§ **ASSIGNMENT**:
Please return every entry below exactly as written, without any of its pictures.

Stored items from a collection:
- Opening Delimiter -

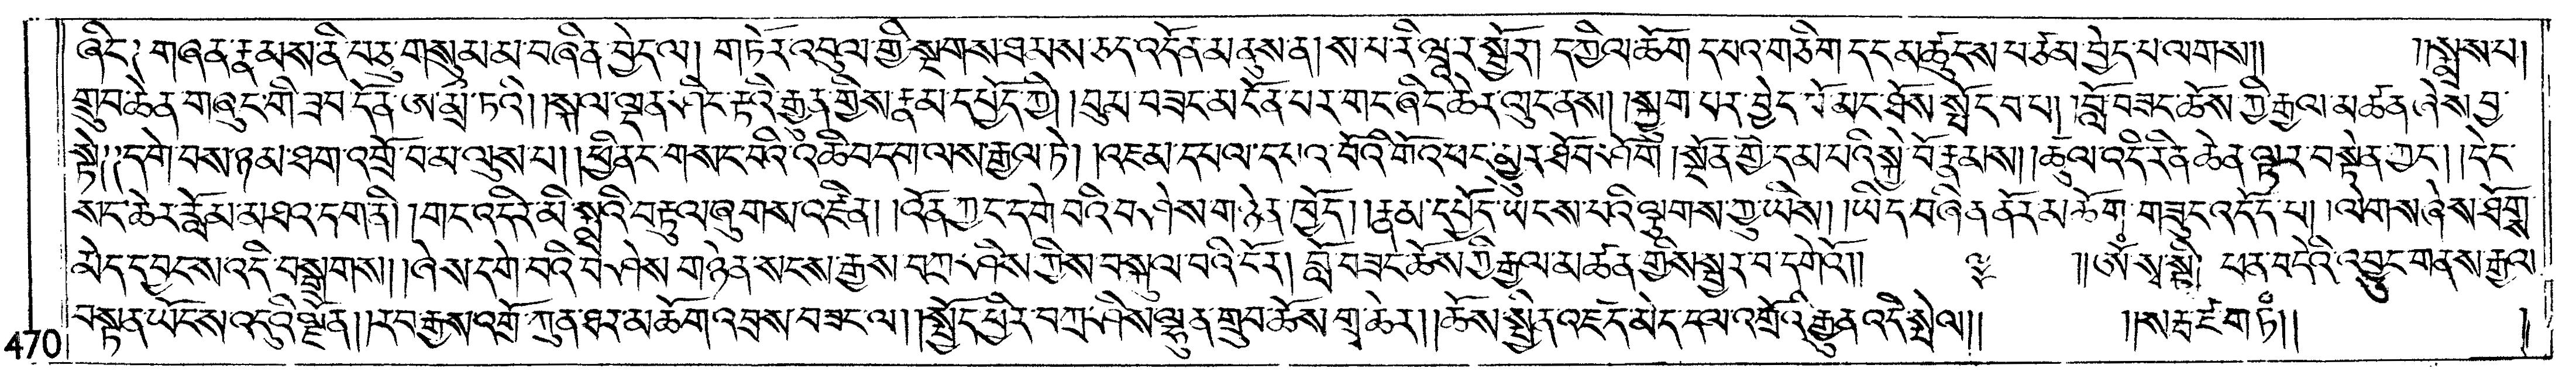ཞིང་། གཞན་རྣམས་ནི་བཅུ་གསུམ་མ་བཞིན་བྱེད་ལ། གཏོར་འབུལ་གྱི་སྔགས་ཐམས་ཅད་འདོན་མ་ནུས་ན། ས་པ་རི་ཝཱ་ར་སྦྱོར། དཀྱིལ་ཆོག་དཔའ་གཅིག་དང་མཚུངས་པ་ཙམ་བྱེད་པ་ལགས།། །།སྨྲས་པ།
གྲུབ་ཆེན་གཞུང་གི་ཟབ་དོན་ཨ་མྲྀ་ཏའི། །སྐལ་ལྡན་ཤིང་རྟའི་རྒྱུན་གྱིས་རྣམ་དཔྱོད་ཀྱི། །བུམ་བཟང་མངོན་པར་གང་ཞིང་ཆེར་ལུང་ནས། །སྐྱུག་པར་བྱེད་པོ་མང་ཐོས་སྤོང་བ་པ། །བློ་བཟང་ཆོས་ཀྱི་རྒྱལ་མཚན་ཞེས་བྱ་
སྟེ། །དགེ་བས་ཉམ་ཐག་འགྲོ་བ་མ་ལུས་པ། །ཕྱི་ནང་གསང་བའི་འཆི་བདག་ལས་རྒྱལ་ཏེ། །འཇམ་དཔལ་དཔའ་བོའི་གོ་འཕང་མྱུར་ཐོབ་ཤོག །སྔོན་གྱི་དམ་པའི་སྐྱེ་བོ་རྣམས། །ཚུལ་འདི་རིན་ཆེན་ལྟར་བསྟེན་ཀྱང་། །དེང་
སང་ཆེར་རློམ་མཐའ་དག་ནི། །གང་འདིར་མི་སྨྲའི་བརྟུལ་ཞྒུས་འཛིན། །འོན་ཀྱང་དགེ་བའི་བཤེས་གཉེན་ཁྱོད། །རྣམ་དཔྱོད་ཡངས་པའི་ལྕགས་ཀྱུ་ཡིས། །ཡིད་བཞིན་ནོར་མཆོག་གཟུང་འདོད་པ། ལེགས་ཞེས་ཐོགས་
མེད་དབྱངས་འདི་བསྒྲགས། །ཞེས་དགེ་བའི་བཤེས་གཉེན་སངས་རྒྱས་བཀྲ་ཤིས་ཀྱིས་བསྐུལ་བའི་ངོར། བློ་བཟང་ཆོས་ཀྱི་རྒྱལ་མཚན་གྱིས་སྦྱར་བ་དགེའོ།། ༈ །།ཨོཾ་སྭསྟི། ཕན་བདེའི་འབྱུང་གནས་རྒྱལ་
བསྟན་ཡོངས་འདུའི་ལྗོན། །རབ་རྒྱས་འགྲོ་ཀུན་ཐར་མྕྒྷོག་འབྲས་བཟང་ལ། །སྤྱོད་ཕྱིར་བཀྲ་ཤིས་ལྷུན་གྲུབ་ཆོས་གྲྭ་ཆེར། ཆོས་སྦྱིན་འཛད་མེད་དལ་འགྲོའི་རྒྱུན་འདི་སྤེལ།། །།སརྦ་ཛ་གཏཾ།། །།

- Closing Delimiter -

§ **EXERCISE RESPONSE**:
ཞིང་། གཞན་རྣམས་ནི་བཅུ་གསུམ་མ་བཞིན་བྱེད་ལ། གཏོར་འབུལ་གྱི་སྔགས་ཐམས་ཅད་འདོན་མ་ནུས་ན། ས་པ་རི་ཝཱ་ར་སྦྱོར། དཀྱིལ་ཆོག་དཔའ་གཅིག་དང་མཚུངས་པ་ཙམ་བྱེད་པ་ལགས།། །།སྨྲས་པ།
གྲུབ་ཆེན་གཞུང་གི་ཟབ་དོན་ཨ་མྲྀ་ཏའི། །སྐལ་ལྡན་ཤིང་རྟའི་རྒྱུན་གྱིས་རྣམ་དཔྱོད་ཀྱི། །བུམ་བཟང་མངོན་པར་གང་ཞིང་ཆེར་ལུང་ནས། །སྐྱུག་པར་བྱེད་པོ་མང་ཐོས་སྤོང་བ་པ། །བློ་བཟང་ཆོས་ཀྱི་རྒྱལ་མཚན་ཞེས་བྱ་
སྟེ། །དགེ་བས་ཉམ་ཐག་འགྲོ་བ་མ་ལུས་པ། །ཕྱི་ནང་གསང་བའི་འཆི་བདག་ལས་རྒྱལ་ཏེ། །འཇམ་དཔལ་དཔའ་བོའི་གོ་འཕང་མྱུར་ཐོབ་ཤོག །སྔོན་གྱི་དམ་པའི་སྐྱེ་བོ་རྣམས། །ཚུལ་འདི་རིན་ཆེན་ལྟར་བསྟེན་ཀྱང་། །དེང་
སང་ཆེར་རློམ་མཐའ་དག་ནི། །གང་འདིར་མི་སྨྲའི་བརྟུལ་ཞྒུས་འཛིན། །འོན་ཀྱང་དགེ་བའི་བཤེས་གཉེན་ཁྱོད། །རྣམ་དཔྱོད་ཡངས་པའི་ལྕགས་ཀྱུ་ཡིས། །ཡིད་བཞིན་ནོར་མཆོག་གཟུང་འདོད་པ། ལེགས་ཞེས་ཐོགས་
མེད་དབྱངས་འདི་བསྒྲགས། །ཞེས་དགེ་བའི་བཤེས་གཉེན་སངས་རྒྱས་བཀྲ་ཤིས་ཀྱིས་བསྐུལ་བའི་ངོར། བློ་བཟང་ཆོས་ཀྱི་རྒྱལ་མཚན་གྱིས་སྦྱར་བ་དགེའོ།། ༈ །།ཨོཾ་སྭསྟི། ཕན་བདེའི་འབྱུང་གནས་རྒྱལ་
བསྟན་ཡོངས་འདུའི་ལྗོན། །རབ་རྒྱས་འགྲོ་ཀུན་ཐར་མྕྒྷོག་འབྲས་བཟང་ལ། །སྤྱོད་ཕྱིར་བཀྲ་ཤིས་ལྷུན་གྲུབ་ཆོས་གྲྭ་ཆེར། ཆོས་སྦྱིན་འཛད་མེད་དལ་འགྲོའི་རྒྱུན་འདི་སྤེལ།། །།སརྦ་ཛ་གཏཾ།། །།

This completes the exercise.